Do you spend a lot of time looking for products to promote? If you’re like the vast majority of subscribers to my blog, the answers is a definite “Yes”.
In this post, I’m going to propose that you take a step back from product-picking, and instead focus on finding a niche audience to serve.
Why should you concentrate on a niche audience first, instead of products? Here are two solid reasons:
- Products come and go, but niche audiences stick around forever. If you’ve ever been promoting a product profitably and then had it decline in popularity (or pulled off the market entirely), you know what I’m talking about.
- When you choose a niche audience and take the time to understand their needs deeply, a whole new world of options open up to you. You switch from struggling to find ideas for products, to instantly knowing exactly the types of products you should be promoting – because they’re in tune with your niche audience’s needs.
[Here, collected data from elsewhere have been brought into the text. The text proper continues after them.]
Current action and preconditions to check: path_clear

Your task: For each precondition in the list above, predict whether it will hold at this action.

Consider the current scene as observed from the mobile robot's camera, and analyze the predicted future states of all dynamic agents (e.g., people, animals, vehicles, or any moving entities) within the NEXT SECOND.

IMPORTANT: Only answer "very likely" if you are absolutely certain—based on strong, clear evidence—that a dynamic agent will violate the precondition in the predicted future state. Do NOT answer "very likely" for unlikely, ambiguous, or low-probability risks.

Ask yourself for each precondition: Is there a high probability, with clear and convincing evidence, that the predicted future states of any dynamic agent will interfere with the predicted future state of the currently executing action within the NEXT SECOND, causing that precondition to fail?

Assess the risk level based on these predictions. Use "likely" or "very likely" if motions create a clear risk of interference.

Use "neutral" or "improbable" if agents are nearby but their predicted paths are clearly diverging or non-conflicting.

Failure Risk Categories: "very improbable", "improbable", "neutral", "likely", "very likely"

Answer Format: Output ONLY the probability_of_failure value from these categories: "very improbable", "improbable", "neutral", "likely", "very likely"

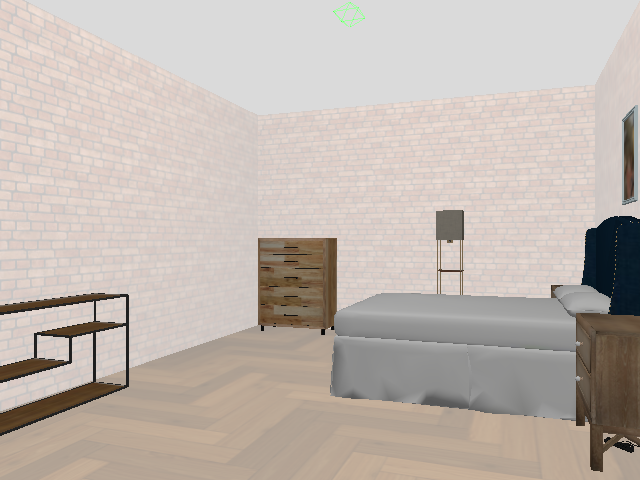

Answer: very improbable
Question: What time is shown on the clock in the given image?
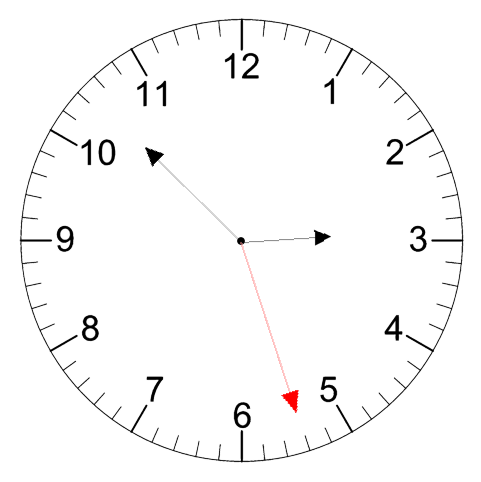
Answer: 02:52:27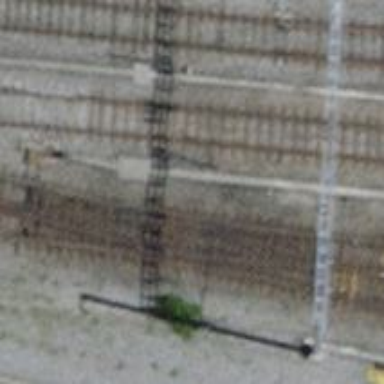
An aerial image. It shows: Railway switch.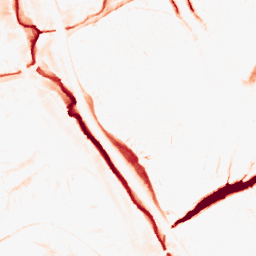
Category: morphological
Decomposition family: tophat
Decomposition parameters: size: 10
mode: black
Upsampling method: bspline
Upsampling parameters: scale: 4
Upsampling scale: 4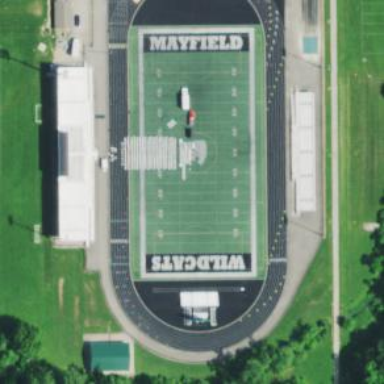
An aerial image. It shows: American football pitch with artificial turf.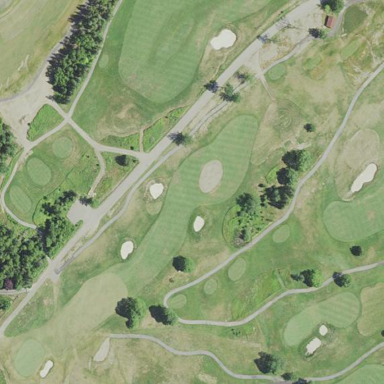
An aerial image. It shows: Area with grass used as rough in golf course.
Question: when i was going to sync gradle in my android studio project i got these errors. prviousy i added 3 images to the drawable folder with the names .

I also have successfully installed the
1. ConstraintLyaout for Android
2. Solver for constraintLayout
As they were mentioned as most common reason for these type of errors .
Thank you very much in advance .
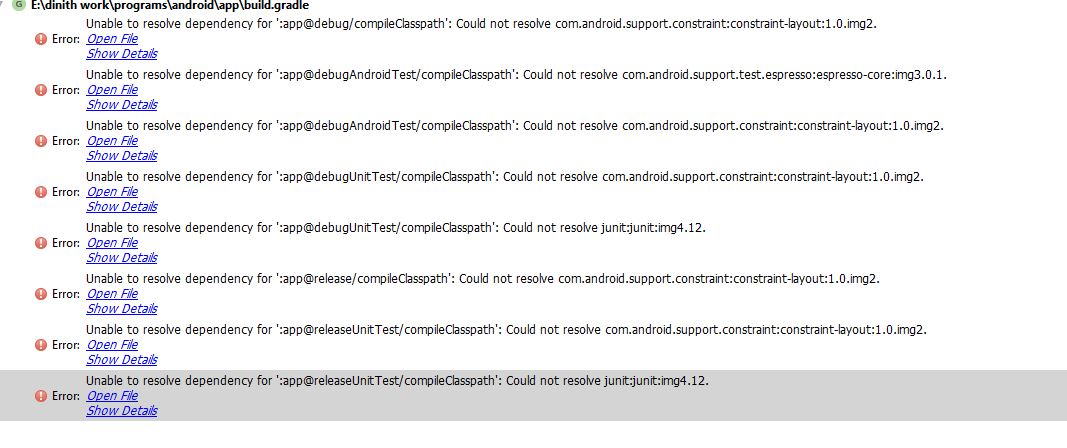
Answer: While adding img2, img3, and img4 you've accidentaly changed dependencies in your build.gradle file that contained 2, 3 or 4 digit. Change
'''
'junit:junit:img4.12.'
'''
to
'''
'junit:junit:4.12'
'''
and so on in every other dependency containing 'img' string.
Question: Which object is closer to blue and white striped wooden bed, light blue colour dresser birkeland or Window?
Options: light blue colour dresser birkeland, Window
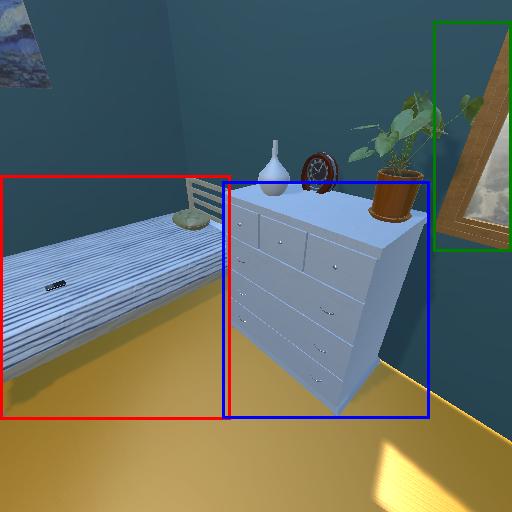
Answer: light blue colour dresser birkeland
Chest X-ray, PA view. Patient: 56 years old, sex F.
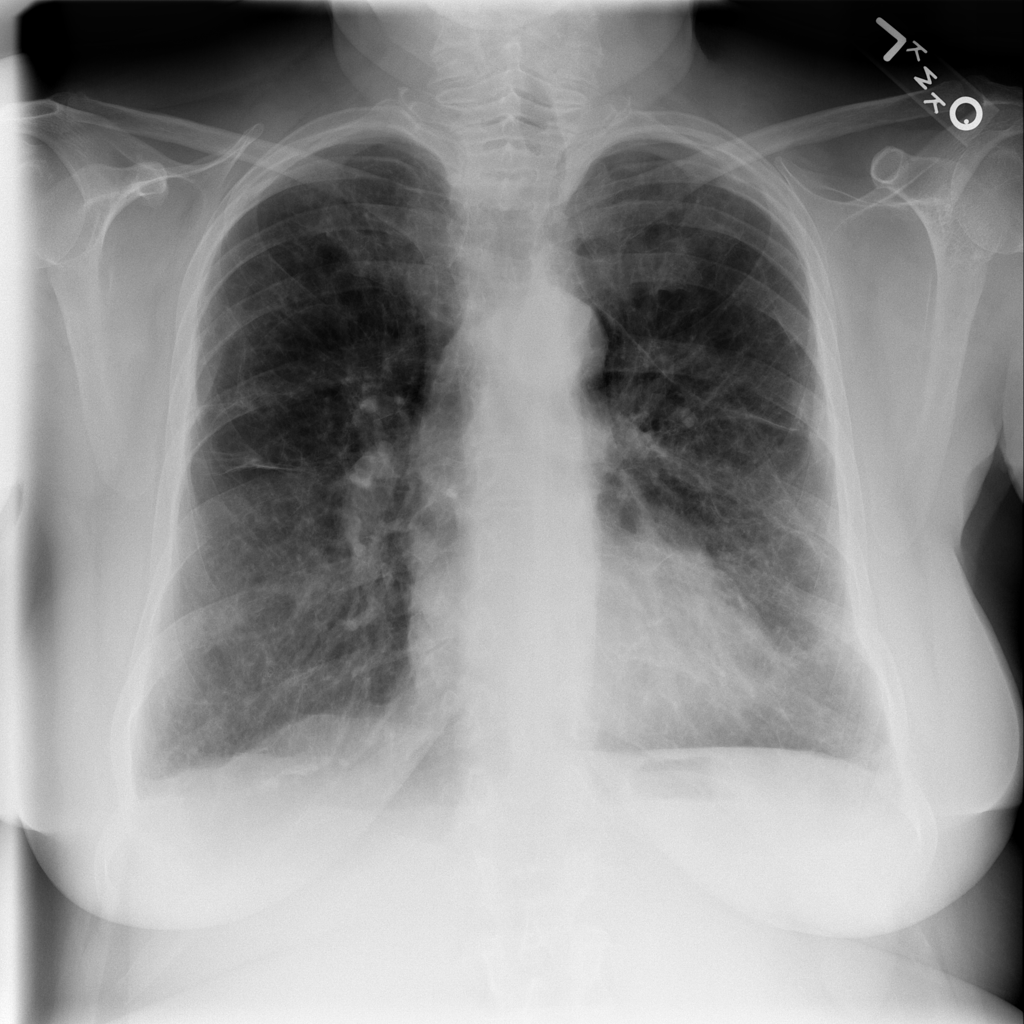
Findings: Pneumonia

I know this from experience. Three years ago I was a struggling affiliate marketer, bouncing from offer to offer (playing a game of what I call “affiliate pinball”). Today I make a full-time income from diverse passive income streams: sales of affiliate products, sales of my own products, and Adsense revenue (my Adsense revenue alone topped $2,000 last month). And it’s all because I focus on serving the needs of a niche audience.
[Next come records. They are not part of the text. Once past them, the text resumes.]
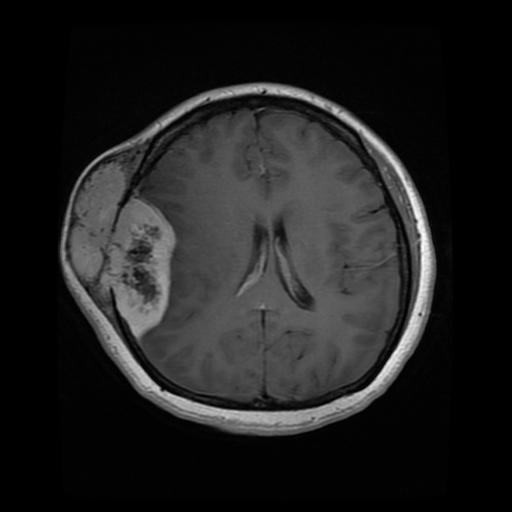
Label: meningioma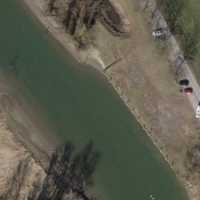
EUNIS habitat code: 15
Species observed at this site:
Chroicocephalus ridibundus
Castor fiber
Anas platyrhynchos
Hirundo rustica
Turdus merula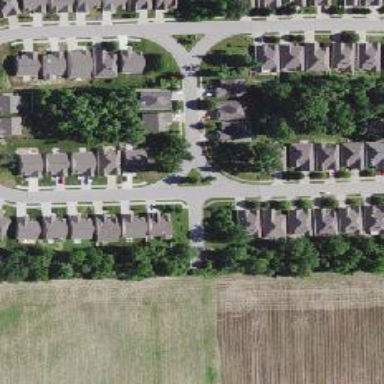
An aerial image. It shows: Residential road.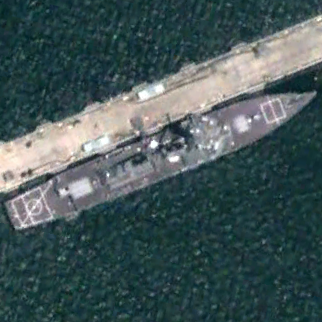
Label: destroyer
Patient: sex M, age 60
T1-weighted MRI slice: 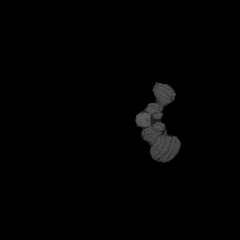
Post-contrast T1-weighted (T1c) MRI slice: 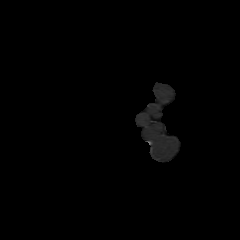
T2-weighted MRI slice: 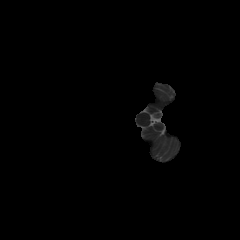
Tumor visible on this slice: no
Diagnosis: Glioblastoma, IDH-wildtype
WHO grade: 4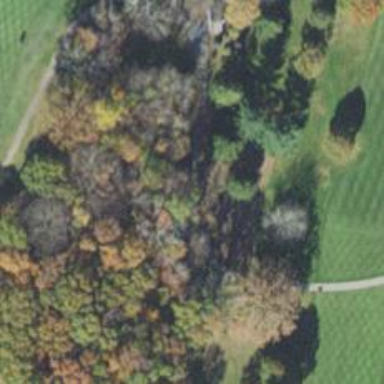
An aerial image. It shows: Path for both road and golf.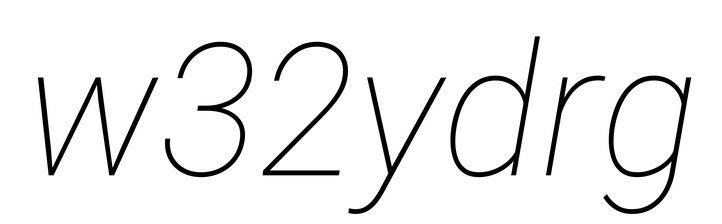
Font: Roboto-Italic_Thin_Italic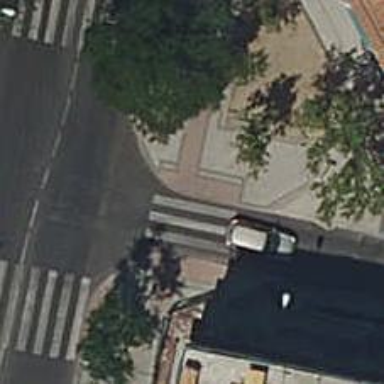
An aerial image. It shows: Pedestrian crossing with zebra markings on footway.
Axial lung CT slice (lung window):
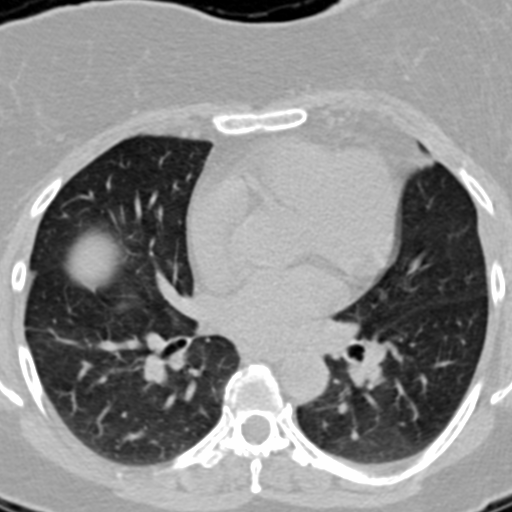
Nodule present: no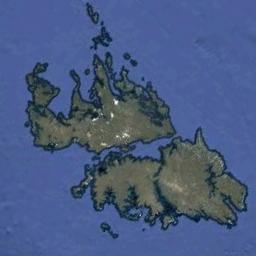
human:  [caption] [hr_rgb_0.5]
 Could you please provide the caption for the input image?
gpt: Some connected islands without vegetation are surrounded by light blue waters .

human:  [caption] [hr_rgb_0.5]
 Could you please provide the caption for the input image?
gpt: The island is surrounded by water .

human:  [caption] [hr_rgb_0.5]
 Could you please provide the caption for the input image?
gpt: There are a group of small islands of yellowish brown and green intersecting on the blue sea .

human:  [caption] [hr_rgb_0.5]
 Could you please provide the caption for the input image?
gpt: The island looks desolate .

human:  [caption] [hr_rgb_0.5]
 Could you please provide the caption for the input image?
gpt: There are several green islands on a blue sea .

So how do you Get Started Finding a Niche?
Follow these 4 straightforward steps:
1. Brainstorm an audience. You can do this in a few ways:
- Choose an audience that you represent yourself (for example, male university student between 18 – 25 years old, or middle-aged professional male)
- Choose an audience that you gravitate toward (in other words, people you like hanging around with).
- Work backwards, and choose an audience by first picking a niche topic that interests you. This could involve picking a niche like “hangover cures”, then doing research on sites like Quantcast to figure out the dominant groups of people that are looking for a cure for hangovers.
2. Identify the problems your niche audience has. This involves doing research into the problems, challenges, pain points, aspirations, and desires that your niche audience has. There are many places online that you can find this information, including niche forums, how-to websites, popular blogs, and “trend” websites.
3. Pick out the most profitable problems. Not all problems are created equal. Some problems your audience will gladly pay to solve; others will be a hard sell. You need to understand the difference, and you can do so using “filters” such as:
- The number of monthly searches related to a problem
- The number of searches that imply intent to solve that problem
- The stability of search terms related to that problem
- The amount of good-quality, free information on the Web
4. Understand profitable problems deeply. It’s not enough to simply know that, for example, males between 18 and 25 are looking for hangover cures. You need to find out what exactly they want in a hangover cure, and the problems they have with current hangover cures. There’s more to it then simply finding your niche, however. You also need to understand the language they use in describing their ideal solution, so you can echo that language back to them in your ad copy, sales page copy, etc.
If you’re sick of playing “affiliate pinball”, you need to take a step back and re-assess your strategy for building an online business.
The strategy that has worked well for me (and lots of world-class companies) is to choose a niche audience to serve, then dive in and understand that audience’s problems deeply. By doing so, a new world of profitable opportunities will open up to you!